Уступая настойчивости царя, горячо любившего о. Неронова, патриарх снял с него отлучение и запрещение; на обеде после снятия «почтил патриарх старца и выше всех московских протопопов посадил его, много его восхволяя». Хотя старец и продолжал занимать промежуточную позицию между сторонниками старого обряда и патриархом, но он и патриарх теперь оставались друзьями. Даже на отказ Григория служить по новым книгами и на просьбу разрешить служить по старым, Никон только заметил: «обои де добры, все де равно, по коем хочешь, по том и служи».

После смерти о. Стефана Вонифатьева старец Григорий занял как бы его место в деле примерения сторонников старого обряда с патриаршей церковью. Трудно было старику отказаться и от старого устава и духа, и от единства Церкви. Колебался он и внутренне, но теперь и Никон, многому научившись за последние годы, понимал его.

Однажды, в 1658 году, когда старец вернулся к патриарху после своего очередного ухода в старый обряд, Никон сурово встретил его: «Бегун», на что Григорий ответил: «Христос, Учитель наш, бегал и ученики его, многие из отцов Церкви: я не лучше их всех». Никон дал тогда благословение этому искателю истины и только заметил: «И бегает и является», и позже даже позволил ему петь в своем соборе «аллилуя» по старинному.
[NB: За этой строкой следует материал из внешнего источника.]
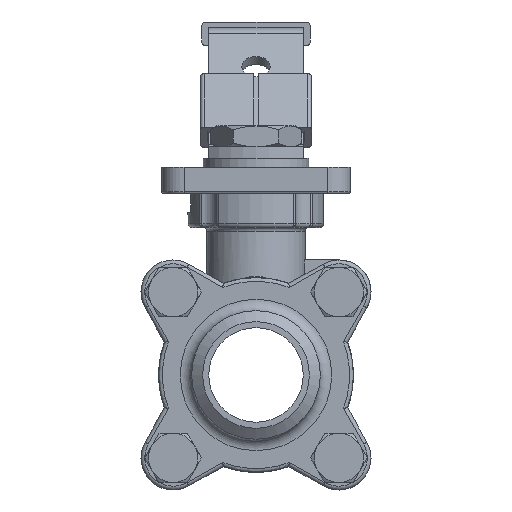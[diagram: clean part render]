
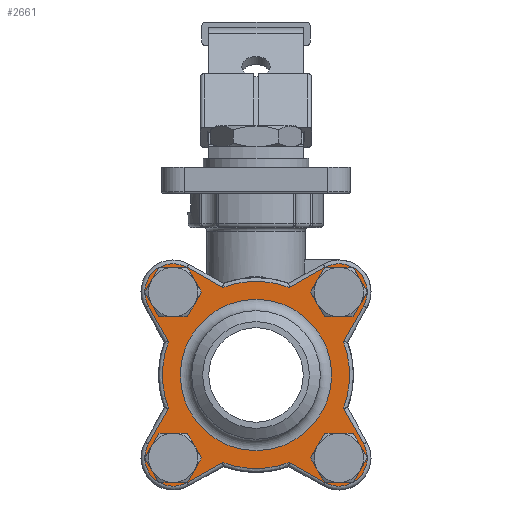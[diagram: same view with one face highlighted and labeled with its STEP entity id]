
A CAD part, left-side view. The second image highlights one B-rep face of the part: STEP entity #2661.
In plain terms, the highlighted face is planar.
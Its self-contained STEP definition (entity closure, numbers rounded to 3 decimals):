
#2661=ADVANCED_FACE('',(#4071,#4072,#4073,#4074,#4075,#4076),#4077,.T.);
#4071=FACE_BOUND('',#5924,.T.);
#4072=FACE_BOUND('',#5925,.T.);
#4073=FACE_BOUND('',#5926,.T.);
#4074=FACE_BOUND('',#5927,.T.);
#4075=FACE_BOUND('',#5928,.T.);
#4076=FACE_OUTER_BOUND('',#5929,.T.);
#4077=PLANE('',#5930);
#5924=EDGE_LOOP('',(#10463));
#5925=EDGE_LOOP('',(#10464));
#5926=EDGE_LOOP('',(#10465));
#5927=EDGE_LOOP('',(#10466));
#5928=EDGE_LOOP('',(#10467));
#5929=EDGE_LOOP('',(#10468,#10469,#10470,#10471,#10472,#10473,#10474,#10475,#10476,#10477,#10478,#10479,#10480,#10481,#10482,#10483));
#5930=AXIS2_PLACEMENT_3D('',#10484,#10485,#10486);
#10463=ORIENTED_EDGE('',*,*,#11924,.F.);
#10464=ORIENTED_EDGE('',*,*,#11879,.T.);
#10465=ORIENTED_EDGE('',*,*,#11957,.T.);
#10466=ORIENTED_EDGE('',*,*,#11903,.T.);
#10467=ORIENTED_EDGE('',*,*,#11905,.T.);
#10468=ORIENTED_EDGE('',*,*,#11909,.F.);
#10469=ORIENTED_EDGE('',*,*,#11887,.F.);
#10470=ORIENTED_EDGE('',*,*,#11859,.F.);
#10471=ORIENTED_EDGE('',*,*,#11898,.F.);
#10472=ORIENTED_EDGE('',*,*,#11912,.F.);
#10473=ORIENTED_EDGE('',*,*,#11954,.F.);
#10474=ORIENTED_EDGE('',*,*,#11958,.F.);
#10475=ORIENTED_EDGE('',*,*,#11959,.F.);
#10476=ORIENTED_EDGE('',*,*,#11870,.F.);
#10477=ORIENTED_EDGE('',*,*,#11955,.F.);
#10478=ORIENTED_EDGE('',*,*,#11921,.F.);
#10479=ORIENTED_EDGE('',*,*,#11894,.F.);
#10480=ORIENTED_EDGE('',*,*,#11867,.F.);
#10481=ORIENTED_EDGE('',*,*,#11960,.F.);
#10482=ORIENTED_EDGE('',*,*,#11961,.F.);
#10483=ORIENTED_EDGE('',*,*,#11962,.F.);
#10484=CARTESIAN_POINT('',(0.0,0.0,9.0));
#10485=DIRECTION('',(0.0,0.0,1.0));
#10486=DIRECTION('',(1.0,0.0,0.0));
#11859=EDGE_CURVE('',#14024,#14026,#14027,.T.);
#11867=EDGE_CURVE('',#14039,#14034,#14041,.T.);
#11870=EDGE_CURVE('',#14045,#14047,#14048,.T.);
#11879=EDGE_CURVE('',#14063,#14063,#14064,.T.);
#11887=EDGE_CURVE('',#14026,#14078,#14079,.T.);
#11894=EDGE_CURVE('',#14034,#14086,#14090,.T.);
#11898=EDGE_CURVE('',#14095,#14024,#14097,.T.);
#11903=EDGE_CURVE('',#14104,#14104,#14105,.T.);
#11905=EDGE_CURVE('',#14108,#14108,#14109,.T.);
#11909=EDGE_CURVE('',#14078,#14112,#14116,.T.);
#11912=EDGE_CURVE('',#14118,#14095,#14120,.T.);
#11921=EDGE_CURVE('',#14086,#14133,#14134,.T.);
#11924=EDGE_CURVE('',#14138,#14138,#14139,.T.);
#11954=EDGE_CURVE('',#14183,#14118,#14185,.T.);
#11955=EDGE_CURVE('',#14133,#14045,#14186,.T.);
#11957=EDGE_CURVE('',#14188,#14188,#14189,.T.);
#11958=EDGE_CURVE('',#14190,#14183,#14191,.T.);
#11959=EDGE_CURVE('',#14047,#14190,#14192,.T.);
#11960=EDGE_CURVE('',#14193,#14039,#14194,.T.);
#11961=EDGE_CURVE('',#14195,#14193,#14196,.T.);
#11962=EDGE_CURVE('',#14112,#14195,#14197,.T.);
#14024=VERTEX_POINT('',#19118);
#14026=VERTEX_POINT('',#19120);
#14027=LINE('',#19121,#19122);
#14034=VERTEX_POINT('',#19143);
#14039=VERTEX_POINT('',#19149);
#14041=LINE('',#19164,#19165);
#14045=VERTEX_POINT('',#19170);
#14047=VERTEX_POINT('',#19185);
#14048=LINE('',#19186,#19187);
#14063=VERTEX_POINT('',#19205);
#14064=CIRCLE('',#19206,4.25);
#14078=VERTEX_POINT('',#19224);
#14079=CIRCLE('',#19225,24.75);
#14086=VERTEX_POINT('',#19248);
#14090=CIRCLE('',#19252,7.5);
#14095=VERTEX_POINT('',#19257);
#14097=CIRCLE('',#19259,7.5);
#14104=VERTEX_POINT('',#19267);
#14105=CIRCLE('',#19268,4.25);
#14108=VERTEX_POINT('',#19271);
#14109=CIRCLE('',#19272,4.25);
#14112=VERTEX_POINT('',#19275);
#14116=LINE('',#19280,#19281);
#14118=VERTEX_POINT('',#19284);
#14120=LINE('',#19299,#19300);
#14133=VERTEX_POINT('',#19343);
#14134=LINE('',#19344,#19345);
#14138=VERTEX_POINT('',#19363);
#14139=CIRCLE('',#19364,20.0);
#14183=VERTEX_POINT('',#19470);
#14185=CIRCLE('',#19485,24.75);
#14186=CIRCLE('',#19486,24.75);
#14188=VERTEX_POINT('',#19489);
#14189=CIRCLE('',#19490,4.25);
#14190=VERTEX_POINT('',#19491);
#14191=LINE('',#19492,#19493);
#14192=CIRCLE('',#19494,7.5);
#14193=VERTEX_POINT('',#19495);
#14194=CIRCLE('',#19496,24.75);
#14195=VERTEX_POINT('',#19497);
#14196=LINE('',#19498,#19499);
#14197=CIRCLE('',#19500,7.5);
#19118=CARTESIAN_POINT('',(-7.22,-33.03,9.0));
#19120=CARTESIAN_POINT('',(-10.162,-22.568,9.0));
#19121=CARTESIAN_POINT('',(-11.964,-16.162,9.0));
#19122=VECTOR('',#21540,1.0);
#19143=CARTESIAN_POINT('',(-7.22,33.03,9.0));
#19149=CARTESIAN_POINT('',(-10.162,22.568,9.0));
#19164=CARTESIAN_POINT('',(-11.964,16.162,9.0));
#19165=VECTOR('',#21552,1.0);
#19170=CARTESIAN_POINT('',(22.568,10.162,9.0));
#19185=CARTESIAN_POINT('',(33.03,7.22,9.0));
#19186=CARTESIAN_POINT('',(16.162,11.964,9.0));
#19187=VECTOR('',#21554,1.0);
#19205=CARTESIAN_POINT('',(-4.25,31.0,9.0));
#19206=AXIS2_PLACEMENT_3D('',#21573,#21574,#21575);
#19224=CARTESIAN_POINT('',(-22.568,-10.162,9.0));
#19225=AXIS2_PLACEMENT_3D('',#21589,#21590,#21591);
#19248=CARTESIAN_POINT('',(7.22,33.03,9.0));
#19252=AXIS2_PLACEMENT_3D('',#21601,#21602,#21603);
#19257=CARTESIAN_POINT('',(7.22,-33.03,9.0));
#19259=AXIS2_PLACEMENT_3D('',#21613,#21614,#21615);
#19267=CARTESIAN_POINT('',(-4.25,-31.0,9.0));
#19268=AXIS2_PLACEMENT_3D('',#21626,#21627,#21628);
#19271=CARTESIAN_POINT('',(26.75,0.,9.0));
#19272=AXIS2_PLACEMENT_3D('',#21632,#21633,#21634);
#19275=CARTESIAN_POINT('',(-33.03,-7.22,9.0));
#19280=CARTESIAN_POINT('',(-16.162,-11.964,9.0));
#19281=VECTOR('',#21642,1.0);
#19284=CARTESIAN_POINT('',(10.162,-22.568,9.0));
#19299=CARTESIAN_POINT('',(11.964,-16.162,9.0));
#19300=VECTOR('',#21644,1.0);
#19343=CARTESIAN_POINT('',(10.162,22.568,9.0));
#19344=CARTESIAN_POINT('',(11.964,16.162,9.0));
#19345=VECTOR('',#21655,1.0);
#19363=CARTESIAN_POINT('',(14.142,14.142,9.0));
#19364=AXIS2_PLACEMENT_3D('',#21657,#21658,#21659);
#19470=CARTESIAN_POINT('',(22.568,-10.162,9.0));
#19485=AXIS2_PLACEMENT_3D('',#21712,#21713,#21714);
#19486=AXIS2_PLACEMENT_3D('',#21715,#21716,#21717);
#19489=CARTESIAN_POINT('',(-35.25,0.,9.0));
#19490=AXIS2_PLACEMENT_3D('',#21719,#21720,#21721);
#19491=CARTESIAN_POINT('',(33.03,-7.22,9.0));
#19492=CARTESIAN_POINT('',(16.162,-11.964,9.0));
#19493=VECTOR('',#21722,1.0);
#19494=AXIS2_PLACEMENT_3D('',#21723,#21724,#21725);
#19495=CARTESIAN_POINT('',(-22.568,10.162,9.0));
#19496=AXIS2_PLACEMENT_3D('',#21726,#21727,#21728);
#19497=CARTESIAN_POINT('',(-33.03,7.22,9.0));
#19498=CARTESIAN_POINT('',(-16.162,11.964,9.0));
#19499=VECTOR('',#21729,1.0);
#19500=AXIS2_PLACEMENT_3D('',#21730,#21731,#21732);
#21540=DIRECTION('',(-0.271,0.963,0.0));
#21552=DIRECTION('',(0.271,0.963,0.0));
#21554=DIRECTION('',(0.963,-0.271,0.0));
#21573=CARTESIAN_POINT('',(0.,31.0,9.0));
#21574=DIRECTION('',(0.,0.,-1.0));
#21575=DIRECTION('',(1.0,0.,0.));
#21589=CARTESIAN_POINT('',(0.0,0.0,9.0));
#21590=DIRECTION('',(-0.0,0.0,-1.0));
#21591=DIRECTION('',(-0.707,-0.707,0.0));
#21601=CARTESIAN_POINT('',(0.,31.0,9.0));
#21602=DIRECTION('',(0.0,0.0,-1.0));
#21603=DIRECTION('',(0.,1.0,0.0));
#21613=CARTESIAN_POINT('',(0.,-31.0,9.0));
#21614=DIRECTION('',(0.0,0.0,-1.0));
#21615=DIRECTION('',(0.,-1.0,0.0));
#21626=CARTESIAN_POINT('',(0.,-31.0,9.0));
#21627=DIRECTION('',(0.,0.,-1.0));
#21628=DIRECTION('',(1.0,0.,0.));
#21632=CARTESIAN_POINT('',(31.0,0.,9.0));
#21633=DIRECTION('',(0.,0.,-1.0));
#21634=DIRECTION('',(1.0,0.,0.));
#21642=DIRECTION('',(-0.963,0.271,0.0));
#21644=DIRECTION('',(-0.271,-0.963,0.0));
#21655=DIRECTION('',(0.271,-0.963,0.0));
#21657=CARTESIAN_POINT('',(0.,0.,9.0));
#21658=DIRECTION('',(0.0,0.0,1.0));
#21659=DIRECTION('',(-0.707,-0.707,0.0));
#21712=CARTESIAN_POINT('',(0.0,0.0,9.0));
#21713=DIRECTION('',(0.0,0.0,-1.0));
#21714=DIRECTION('',(0.707,-0.707,0.0));
#21715=CARTESIAN_POINT('',(0.0,0.0,9.0));
#21716=DIRECTION('',(0.0,0.0,-1.0));
#21717=DIRECTION('',(0.707,0.707,0.0));
#21719=CARTESIAN_POINT('',(-31.0,0.,9.0));
#21720=DIRECTION('',(0.,0.,-1.0));
#21721=DIRECTION('',(1.0,0.,0.));
#21722=DIRECTION('',(-0.963,-0.271,0.0));
#21723=CARTESIAN_POINT('',(31.0,0.,9.0));
#21724=DIRECTION('',(0.0,0.0,-1.0));
#21725=DIRECTION('',(1.0,0.,0.0));
#21726=CARTESIAN_POINT('',(0.0,0.0,9.0));
#21727=DIRECTION('',(0.0,0.0,-1.0));
#21728=DIRECTION('',(-0.707,0.707,0.0));
#21729=DIRECTION('',(0.963,0.271,0.0));
#21730=CARTESIAN_POINT('',(-31.0,0.,9.0));
#21731=DIRECTION('',(0.0,0.0,-1.0));
#21732=DIRECTION('',(-1.0,0.,0.0));

Так уходил и снова возвращался, но уже не порывая с Церковью, бывший протопоп Неронов, теперь старец Григорий – до собора 1666–1667. В то время он все старался примирить обе стороны. На соборе он покаялся во всех сомнениях и «смиренно бил челом царю и собору, прося прощения и помилования».

Трудно было старцу отказаться от старых книг и обрядов. Для него как и для других русских того века само Царствие Божие понималось, как вечная благоговейная и благочестивая церковная служба во вселенском храме. Обряд был не только молитвенным уставов внешним оформлением благочестия, но и неотлемлемой частью литургической мистерии, частью пути общения с Богом, и будущего осуществления Царства Божия2. Для Неронова, Аввакума, для царя Алексея Михайловича и их современников в минуты религиозного напряжения во время церковной службы границы между миром видимыми миром небесным исчезали и поэтому сам обряд казался залогом самого Царства небесного, путем к Богу. Тем не менее старец Григорий принял новый обряд, отказавшись от собственного толкования. Единство Церкви, общение с Церковью, были для него выше любви к обряду, и он понял, что поскольку обряд уже был изменен, идти назад уже было нельзя. Может быть он понял, как поняли это сам царь и Ртищев, и о. Стефан Вонифатьев, что мечта о православном Московском царстве, как о преддверии к царству Божьему было только мечтой.

Последние годы жизни его были самыми спокойными. С тех пор, как старец Григорий» явился» на собор 1666–1667 года, он окончательно перестал «бегать». Любовь и уважение окружали его, как настоятеля Данилова монастыря, где он всех «иереев наставлял служить и поучать народ. И народ стекался к его обители на всенощное благословение и слушать словес Божественных».

В конце 1669 года архимандрит Григорий тяжело заболел и слег. Но 1-го января он все же встал с одра и пошел в церковь на литургию, а под утро 2-го января 1670 года он тихо скончался.

Сергей Зеньковский

* * *

1

Прекрасную картину жизни Троицко-Сергиева монастыря в этигоды дает P. Pascal в своей книге «Avvakoum et les débuts du raskol russe», Paris 1939.

2

Прим. См. Статью А.В. Карташева: «Смысл старообрячества» в сборнике, посвященном П.Б. Струве. Стр. 373–382.


Источник: Зеньковский С.А. Протопоп Иван Неронов (Очерк из истории Русской Церкви XVII века) // Вестник РСХД. 1954. № 31. С. 11—17.